In the present appendix, we provide a proof of Lemma 5.3 in full details. As mentioned right after its statement in Sect. 5, our argument is based on the strategies already followed in e.g. [19, 35, 41].

Throughout the section, we implicitly suppose conditions (1.18) and (1.19) to be in force. Although the result may in fact hold under weaker hypotheses, we always suppose for simplicity that K satisfies both these assumptions. However, we stress that none of the steps of the proof require the periodicity hypothesis (1.20) to be valid, that we therefore do not suppose to hold.

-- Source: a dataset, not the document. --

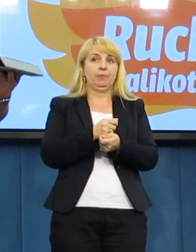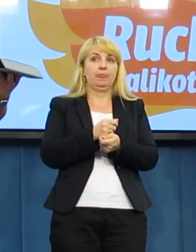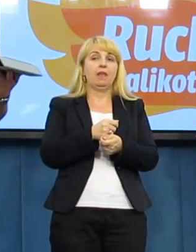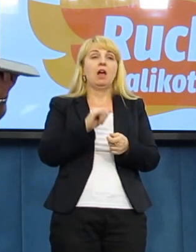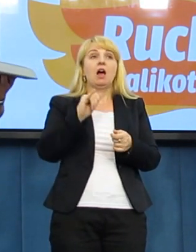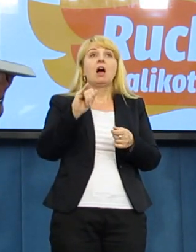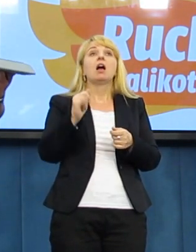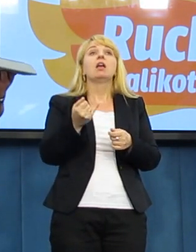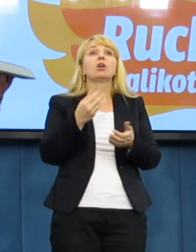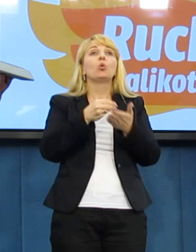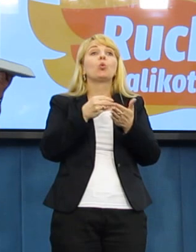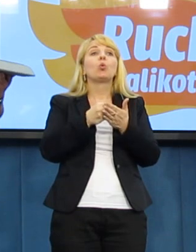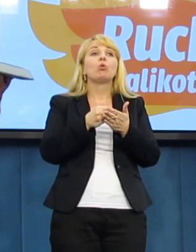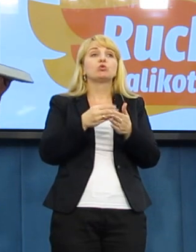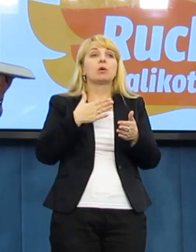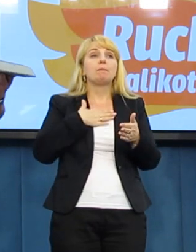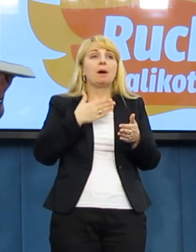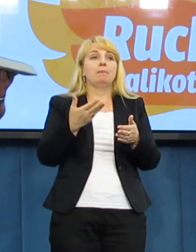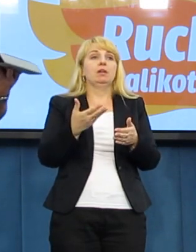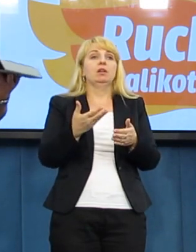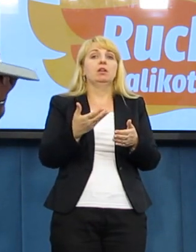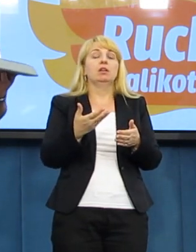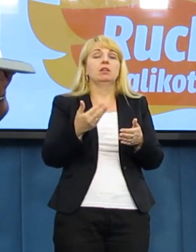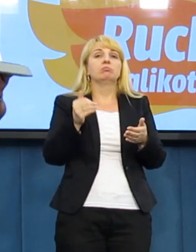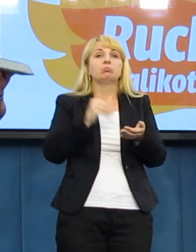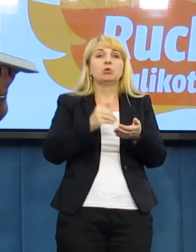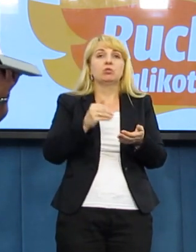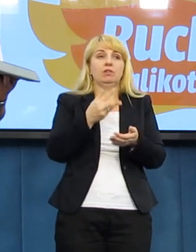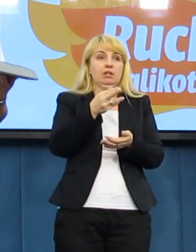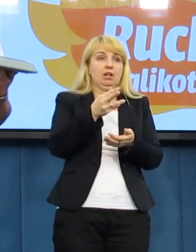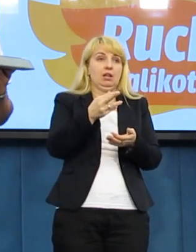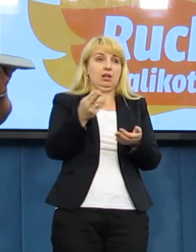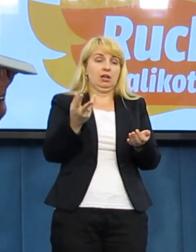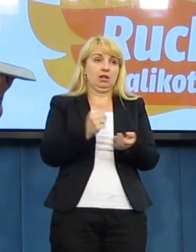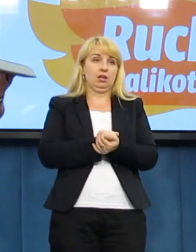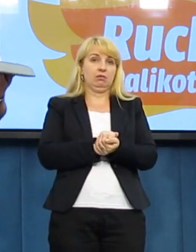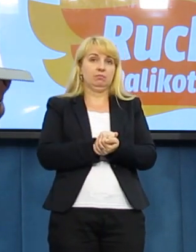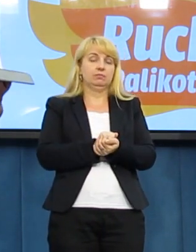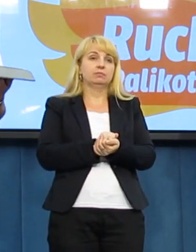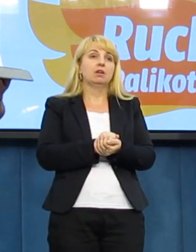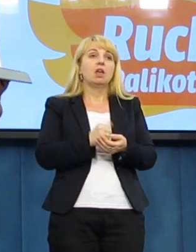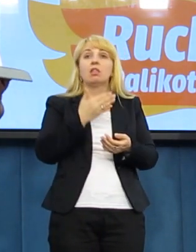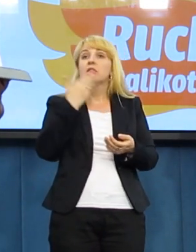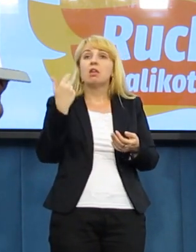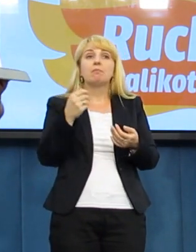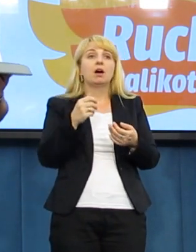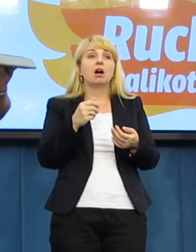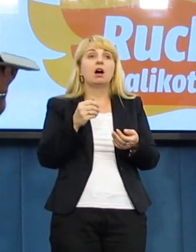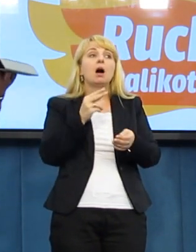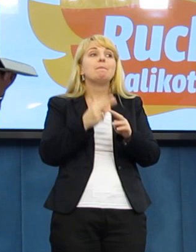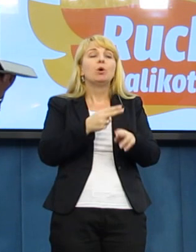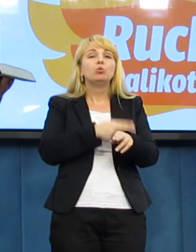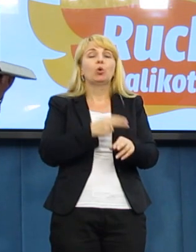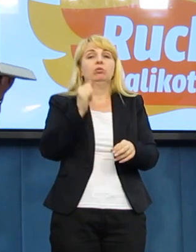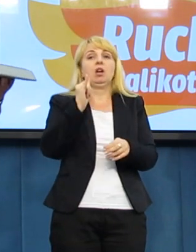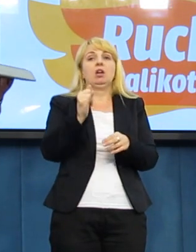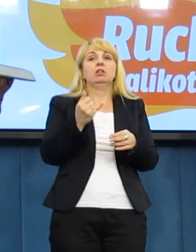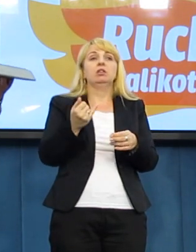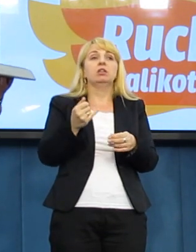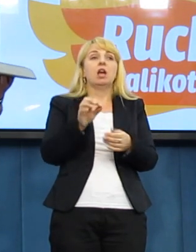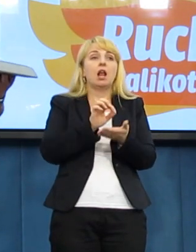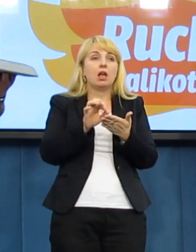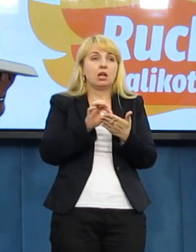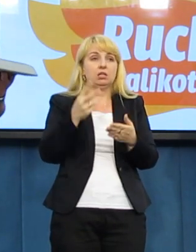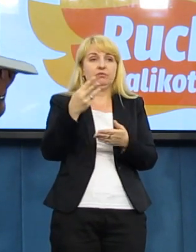państwo. Żadne państwo na świecie nie jest w walczyć z rakiem, bo nie ma jeszcze na to ani metod, ani wystarczających pieniędzy i to nikomu nie przeszkadza.

After these introductory remarks, we may now head to the proof of Lemma 5.3.

Proof of Lemma 5.3

First, notice that, by (1.19) and the fact that F has finite K-perimeter, the characteristic function \(\chi _F\) belongs to the fractional Sobolev space \(W^{s, 1}(\Omega )\). Hence, by standard density results (see e.g. [36, Theorem 1.4.2.1]), there exists a sequence \(\{ \varphi _n \}_{n \in \mathbb {N}} \subset W^{s, 1}(\Omega ) \cap C^\infty (\overline{\Omega })\) such that

$$\begin{aligned} {{\varphi _n \rightarrow \chi _F\; \mathrm{in}~W^{s, 1}(\Omega ), \mathrm{as}~n \rightarrow +\infty .}} \end{aligned}$$

(9.1)

By using again (1.19), this ensures that

$$\begin{aligned} \lim _{n \rightarrow +\infty } \mathscr {K}_K(\varphi _n; \Omega , \Omega ) = \mathscr {K}_K(\chi _F; \Omega , \Omega ). \end{aligned}$$

(9.2)

For \(t \in (0, 1)\), we let

$$\begin{aligned} F_n := \left( \{ \varphi _n > t \} \cap \overline{\Omega } \right) \cup (F \setminus \overline{\Omega }). \end{aligned}$$

Clearly, \(F_n \setminus \overline{\Omega } = F \setminus \overline{\Omega }\), which proves (5.9).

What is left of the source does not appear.